Taking a self portrait might seem like a straightforward process, but the truth is, getting the lighting, composition, and mood just right can be a challenge, as is the case with any photograph.
To ensure your Snapchat post is up to snuff or your Tinder photo is as smooth as your pickup line (which will inevitably fail after you match with someone), we’re here to offer a few tips to improve your selfie game.
There are three components to any self-portrait: lighting, composition/framing, and stance. Each of these aspects intertwine with one another to ultimately determine what the resulting image will look like. Below, we’ll dive into each to help you better understand how to make the most of the selfie trinity.

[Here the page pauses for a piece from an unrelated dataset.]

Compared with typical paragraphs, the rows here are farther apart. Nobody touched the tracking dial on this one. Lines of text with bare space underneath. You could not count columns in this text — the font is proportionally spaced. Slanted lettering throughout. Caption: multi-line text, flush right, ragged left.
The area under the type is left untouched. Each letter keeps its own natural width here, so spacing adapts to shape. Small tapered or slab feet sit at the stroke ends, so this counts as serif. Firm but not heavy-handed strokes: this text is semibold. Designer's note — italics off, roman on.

Lighting plays the most important role in the overall quality of your selfie. After all, the word photography literally means “painting with light.”

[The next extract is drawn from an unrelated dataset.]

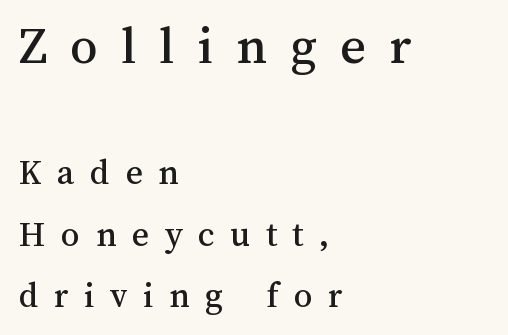
The passage shown stacks its lines at a standard gap. The rendering anchors every line to the left-hand side. The face used here is proportionally spaced, like ordinary book or web type. A clean baseline with only descenders dipping below it. The earlier block is typeset at a bigger size than the later block.

More often than not, you’ll want a soft, even light for selfies. Harsh light can accentuate unwanted features and overall tends to yield a less attractive aesthetic, although, as with anything in the world of photography, there are exceptions to this rule.
The easiest way to achieve soft, even lighting is to capture your selfie by a window during the day. Depending on what direction the window is facing, you might need to adjust where it is you’re standing. But overall, natural light is far more likely to yield a better image than the usual artificial lighting you’ll find in your house or while out and about. Below is an example selfie, taken by model Tess Holliday, showing the benefits of soft, even light from a window.
In the event you’re outside and there’s no shade to take cover under, your best bet is to shoot with the sun at your back and expose the image for your face. Better yet, use your body or head to block out the sun in the frame to minimize flares. This should yield a far more usable image than shooting with the sun at your face – not to mention it’ll save you from squinting your entire way through the selfie-shooting process.
If natural light isn’t a possibility, try to find an area that offers a large, diffused source of light, preferably a light source that isn’t facing straight down from the ceiling either, as it will cast unnatural and unappealing shadows, most notably under your eyes and nose. Play around with fill flash, which helps to illuminate the face in backlit situations.